§ **Task statement**
As you print the data below, keep every line exactly as it is and leave the images behind.

§ **Provided records**
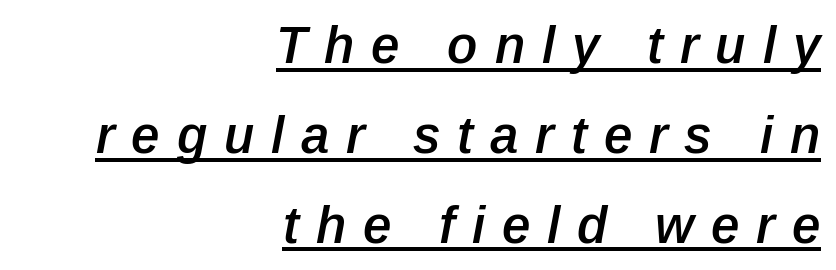
Q: Is the text bold? A: Semi-bold.
Q: Is the text italic (slanted)? A: Yes, it leans right by about 12 degrees.
Q: Is the text underlined? A: Yes.
Q: How is the paragraph aligned? A: Right-aligned.
Q: Is the spacing between letters normal or unusually wide? A: Unusually wide.
Q: Width (condensed, normal, or wide)? A: Normal.
Q: Stroke contrast? A: Low.
Q: x-height? A: Medium.
Q: Monospaced? A: No.
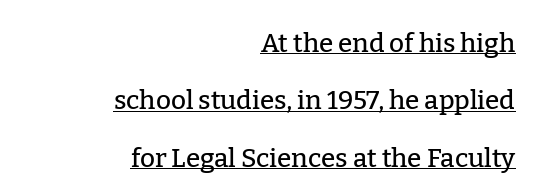
{"italic": "no", "underline": "yes", "align": "right", "line_spacing": "loose", "line_spacing_ratio": 2.21, "letter_spacing": "normal", "letter_spacing_em": 0.0, "glyph_px": 26}
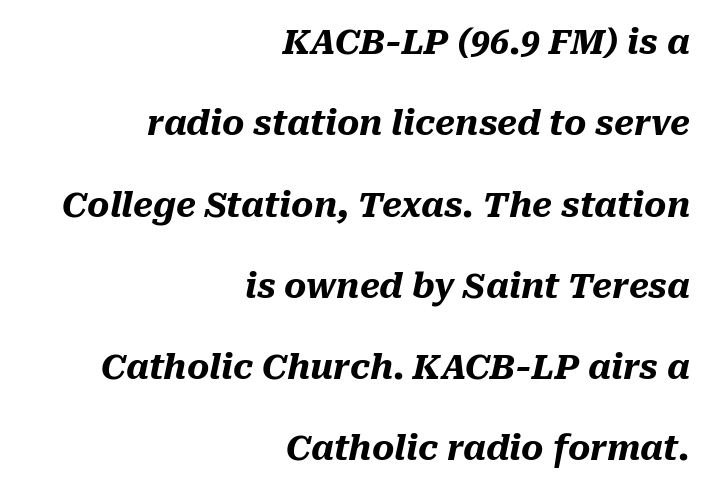
Q: Is the text bold? A: Yes.
Q: Is the text italic (slanted)? A: Yes, it leans right by about 10 degrees.
Q: Is the text underlined? A: No.
Q: How is the paragraph aligned? A: Right-aligned.
Q: Is the spacing between letters normal or unusually wide? A: Normal.
Q: Is the spacing between lines tight, normal or loose? A: Loose.
Q: Width (condensed, normal, or wide)? A: Normal.
Q: Stroke contrast? A: Medium.
Q: x-height? A: Medium.
Q: Monospaced? A: No.
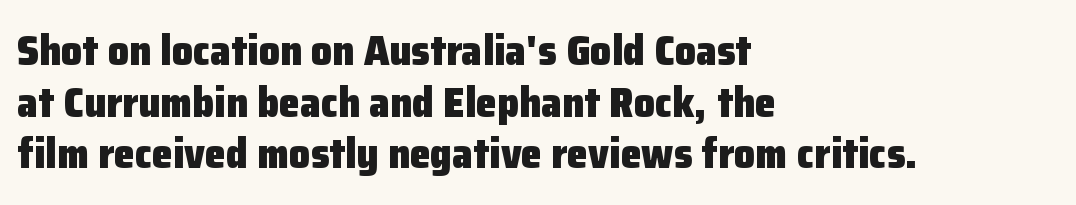
Words appear dense and cohesive because spacing is normal. Check under the words: just untouched page. Type style note: lacks serifs. Think of a printed novel: that variable character pitch is what you see here.
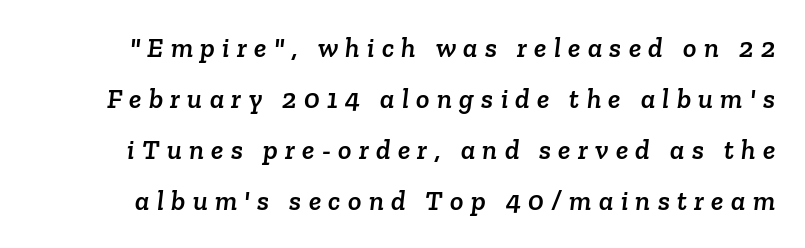
Q: Is the typeface a serif or a sans-serif typeface? A: Serif.
Q: Is the text underlined? A: No.
Q: Is the spacing between letters normal or unusually wide? A: Unusually wide.
Q: Width (condensed, normal, or wide)? A: Normal.
Q: Stroke contrast? A: Low.
Q: x-height? A: Medium.
Q: Monospaced? A: No.
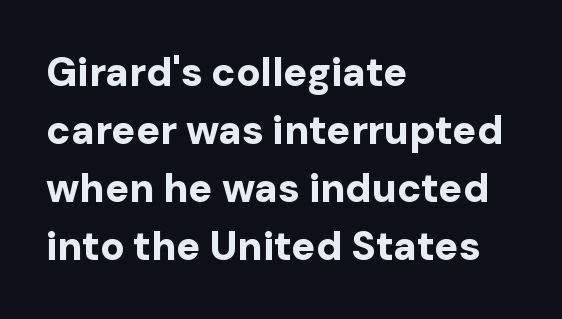
{"serif": "no", "italic": "no", "bold": "yes", "weight": "bold", "width": "normal", "stroke_contrast": "low", "x_height": "medium", "monospaced": "no", "underline": "no", "align": "left", "line_spacing": "normal", "line_spacing_ratio": 1.45, "letter_spacing": "normal", "letter_spacing_em": 0.0, "glyph_px": 40}
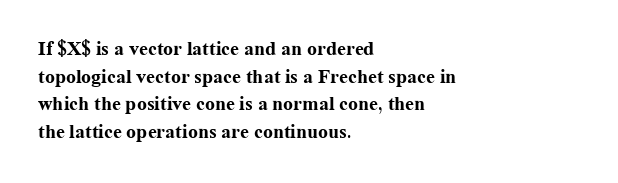
{"italic": "no", "bold": "yes", "underline": "no", "align": "left", "line_spacing": "normal", "line_spacing_ratio": 1.38, "letter_spacing": "normal", "letter_spacing_em": 0.0, "glyph_px": 20}
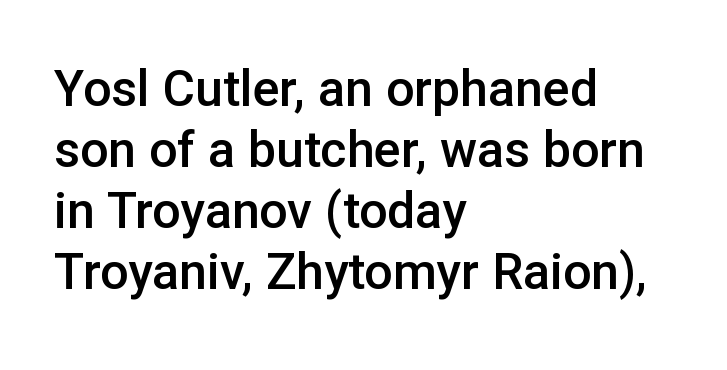
{"serif": "no", "italic": "no", "bold": "semi", "weight": "semibold", "width": "normal", "stroke_contrast": "low", "x_height": "medium", "monospaced": "no", "underline": "no", "align": "left", "line_spacing_ratio": 1.22, "letter_spacing": "normal", "letter_spacing_em": 0.0, "glyph_px": 50}
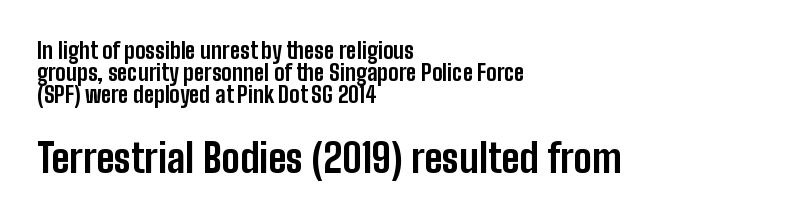
The image shows 39 px bold, condensed sans-serif type, upright; set left-aligned, tight line spacing (0.99x), normal letter spacing, not underlined; the second (bottom) block is 1.77x larger; low stroke contrast and a medium x-height.
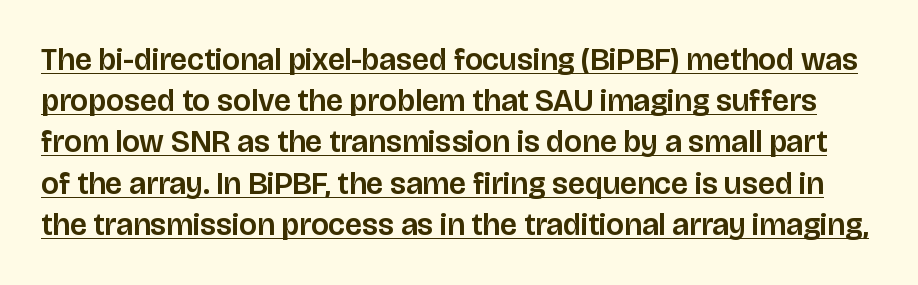
Q: Is the text italic (slanted)? A: No, it is upright.
Q: Is the typeface a serif or a sans-serif typeface? A: Sans-serif.
Q: Is the text underlined? A: Yes.
Q: Is the spacing between letters normal or unusually wide? A: Normal.
Q: Is the spacing between lines tight, normal or loose? A: Normal.
Q: Width (condensed, normal, or wide)? A: Normal.
Q: Stroke contrast? A: Low.
Q: x-height? A: Large.
Q: Monospaced? A: No.
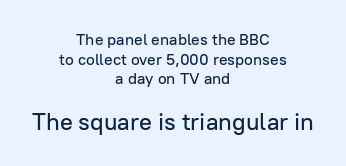
Q: Is the text italic (slanted)? A: No, it is upright.
Q: Is the text underlined? A: No.
Q: How is the paragraph aligned? A: Centered.
Q: Is the spacing between letters normal or unusually wide? A: Normal.
Q: Which block of text is set in a larger size, the first (top) or the second (bottom)? A: The second (bottom) one.
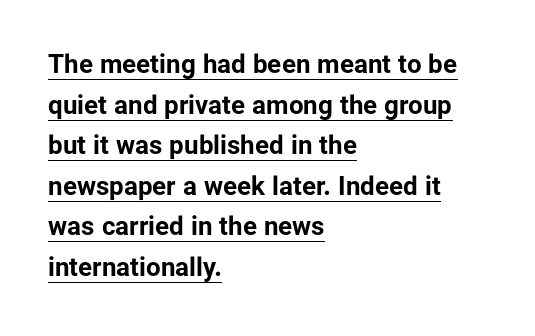
The font is running at its bold setting. The glyphs are accompanied by a horizontal stroke just below them. Quick note: interline space is typical. Italic? Not at all — the glyphs are vertical. Look at the tracking — it's just the regular setting, nothing added. Line starts are locked; line ends wander.
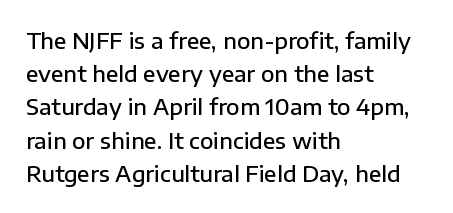
The words here are not underlined. Each new line begins a customary step beneath the previous one. These lines were composed using upright roman letters. In CSS terms this would be text-align: left. Compared with typical body copy, the letter spacing here is the same. This is the in-between weight designers call semibold or demi.
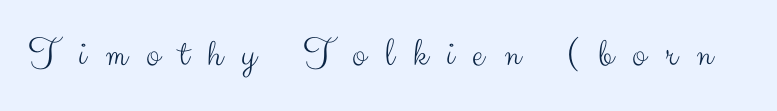
Q: Is the text bold? A: No.
Q: Is the text italic (slanted)? A: Yes.
Q: Is the typeface a serif or a sans-serif typeface? A: Sans-serif.
Q: Is the text underlined? A: No.
Q: Is the spacing between letters normal or unusually wide? A: Unusually wide.
Q: Width (condensed, normal, or wide)? A: Normal.
Q: Stroke contrast? A: Medium.
Q: x-height? A: Small.
Q: Monospaced? A: No.
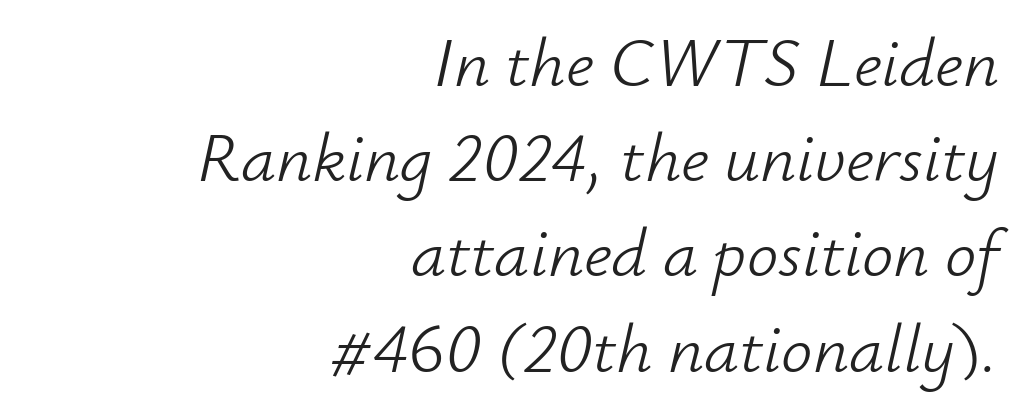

§ **Exercise answer**
Q: Is the text bold? A: Semi-bold.
Q: Is the text italic (slanted)? A: Yes, it leans right by about 12 degrees.
Q: Is the text underlined? A: Yes.
Q: How is the paragraph aligned? A: Right-aligned.
Q: Is the spacing between letters normal or unusually wide? A: Unusually wide.
Q: Width (condensed, normal, or wide)? A: Normal.
Q: Stroke contrast? A: Low.
Q: x-height? A: Medium.
Q: Monospaced? A: No.
{"italic": "no", "underline": "yes", "align": "right", "line_spacing": "loose", "line_spacing_ratio": 2.21, "letter_spacing": "normal", "letter_spacing_em": 0.0, "glyph_px": 26}
Q: Is the text bold? A: Yes.
Q: Is the text italic (slanted)? A: Yes, it leans right by about 10 degrees.
Q: Is the text underlined? A: No.
Q: How is the paragraph aligned? A: Right-aligned.
Q: Is the spacing between letters normal or unusually wide? A: Normal.
Q: Is the spacing between lines tight, normal or loose? A: Loose.
Q: Width (condensed, normal, or wide)? A: Normal.
Q: Stroke contrast? A: Medium.
Q: x-height? A: Medium.
Q: Monospaced? A: No.
Words appear dense and cohesive because spacing is normal. Check under the words: just untouched page. Type style note: lacks serifs. Think of a printed novel: that variable character pitch is what you see here.
Q: Is the typeface a serif or a sans-serif typeface? A: Serif.
Q: Is the text underlined? A: No.
Q: Is the spacing between letters normal or unusually wide? A: Unusually wide.
Q: Width (condensed, normal, or wide)? A: Normal.
Q: Stroke contrast? A: Low.
Q: x-height? A: Medium.
Q: Monospaced? A: No.
{"serif": "no", "italic": "no", "bold": "yes", "weight": "bold", "width": "normal", "stroke_contrast": "low", "x_height": "medium", "monospaced": "no", "underline": "no", "align": "left", "line_spacing": "normal", "line_spacing_ratio": 1.45, "letter_spacing": "normal", "letter_spacing_em": 0.0, "glyph_px": 40}
{"italic": "no", "bold": "yes", "underline": "no", "align": "left", "line_spacing": "normal", "line_spacing_ratio": 1.38, "letter_spacing": "normal", "letter_spacing_em": 0.0, "glyph_px": 20}
{"serif": "no", "italic": "no", "bold": "semi", "weight": "semibold", "width": "normal", "stroke_contrast": "low", "x_height": "medium", "monospaced": "no", "underline": "no", "align": "left", "line_spacing_ratio": 1.22, "letter_spacing": "normal", "letter_spacing_em": 0.0, "glyph_px": 50}
The image shows 39 px bold, condensed sans-serif type, upright; set left-aligned, tight line spacing (0.99x), normal letter spacing, not underlined; the second (bottom) block is 1.77x larger; low stroke contrast and a medium x-height.
Q: Is the text italic (slanted)? A: No, it is upright.
Q: Is the typeface a serif or a sans-serif typeface? A: Sans-serif.
Q: Is the text underlined? A: Yes.
Q: Is the spacing between letters normal or unusually wide? A: Normal.
Q: Is the spacing between lines tight, normal or loose? A: Normal.
Q: Width (condensed, normal, or wide)? A: Normal.
Q: Stroke contrast? A: Low.
Q: x-height? A: Large.
Q: Monospaced? A: No.
Q: Is the text italic (slanted)? A: No, it is upright.
Q: Is the text underlined? A: No.
Q: How is the paragraph aligned? A: Centered.
Q: Is the spacing between letters normal or unusually wide? A: Normal.
Q: Which block of text is set in a larger size, the first (top) or the second (bottom)? A: The second (bottom) one.
The font is running at its bold setting. The glyphs are accompanied by a horizontal stroke just below them. Quick note: interline space is typical. Italic? Not at all — the glyphs are vertical. Look at the tracking — it's just the regular setting, nothing added. Line starts are locked; line ends wander.
The words here are not underlined. Each new line begins a customary step beneath the previous one. These lines were composed using upright roman letters. In CSS terms this would be text-align: left. Compared with typical body copy, the letter spacing here is the same. This is the in-between weight designers call semibold or demi.
Q: Is the text bold? A: No.
Q: Is the text italic (slanted)? A: Yes.
Q: Is the typeface a serif or a sans-serif typeface? A: Sans-serif.
Q: Is the text underlined? A: No.
Q: Is the spacing between letters normal or unusually wide? A: Unusually wide.
Q: Width (condensed, normal, or wide)? A: Normal.
Q: Stroke contrast? A: Medium.
Q: x-height? A: Small.
Q: Monospaced? A: No.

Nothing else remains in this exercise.